■ Task to complete ■
The required output is every line from the one with "Surface type: walking surface" through the final line of the data below, unchanged.

** Opening Information given block **

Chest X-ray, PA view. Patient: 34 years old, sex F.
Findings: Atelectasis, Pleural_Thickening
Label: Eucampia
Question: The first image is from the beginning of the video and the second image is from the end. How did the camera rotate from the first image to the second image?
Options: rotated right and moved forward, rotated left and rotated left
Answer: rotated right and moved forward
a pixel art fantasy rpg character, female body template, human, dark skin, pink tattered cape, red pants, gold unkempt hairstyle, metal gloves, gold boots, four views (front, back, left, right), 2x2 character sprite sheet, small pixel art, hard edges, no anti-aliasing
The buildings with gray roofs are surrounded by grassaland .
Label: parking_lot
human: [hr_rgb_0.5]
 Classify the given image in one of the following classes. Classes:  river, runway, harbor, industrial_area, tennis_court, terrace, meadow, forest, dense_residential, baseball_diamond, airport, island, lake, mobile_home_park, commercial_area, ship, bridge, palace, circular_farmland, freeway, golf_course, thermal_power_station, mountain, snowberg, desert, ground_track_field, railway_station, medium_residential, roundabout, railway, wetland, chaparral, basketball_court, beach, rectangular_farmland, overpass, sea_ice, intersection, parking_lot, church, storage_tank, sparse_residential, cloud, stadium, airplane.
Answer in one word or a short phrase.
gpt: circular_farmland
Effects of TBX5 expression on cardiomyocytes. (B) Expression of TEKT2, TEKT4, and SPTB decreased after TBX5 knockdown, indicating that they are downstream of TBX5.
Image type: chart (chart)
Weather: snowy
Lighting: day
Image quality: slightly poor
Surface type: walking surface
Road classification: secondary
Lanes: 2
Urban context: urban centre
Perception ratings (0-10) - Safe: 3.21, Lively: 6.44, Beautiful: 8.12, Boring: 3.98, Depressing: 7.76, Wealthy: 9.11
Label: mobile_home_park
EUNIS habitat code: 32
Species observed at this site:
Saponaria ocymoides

** Closing Information given block **

■ The completed task ■
Surface type: walking surface
Road classification: secondary
Lanes: 2
Urban context: urban centre
Perception ratings (0-10) - Safe: 3.21, Lively: 6.44, Beautiful: 8.12, Boring: 3.98, Depressing: 7.76, Wealthy: 9.11
Label: mobile_home_park
EUNIS habitat code: 32
Species observed at this site:
Saponaria ocymoides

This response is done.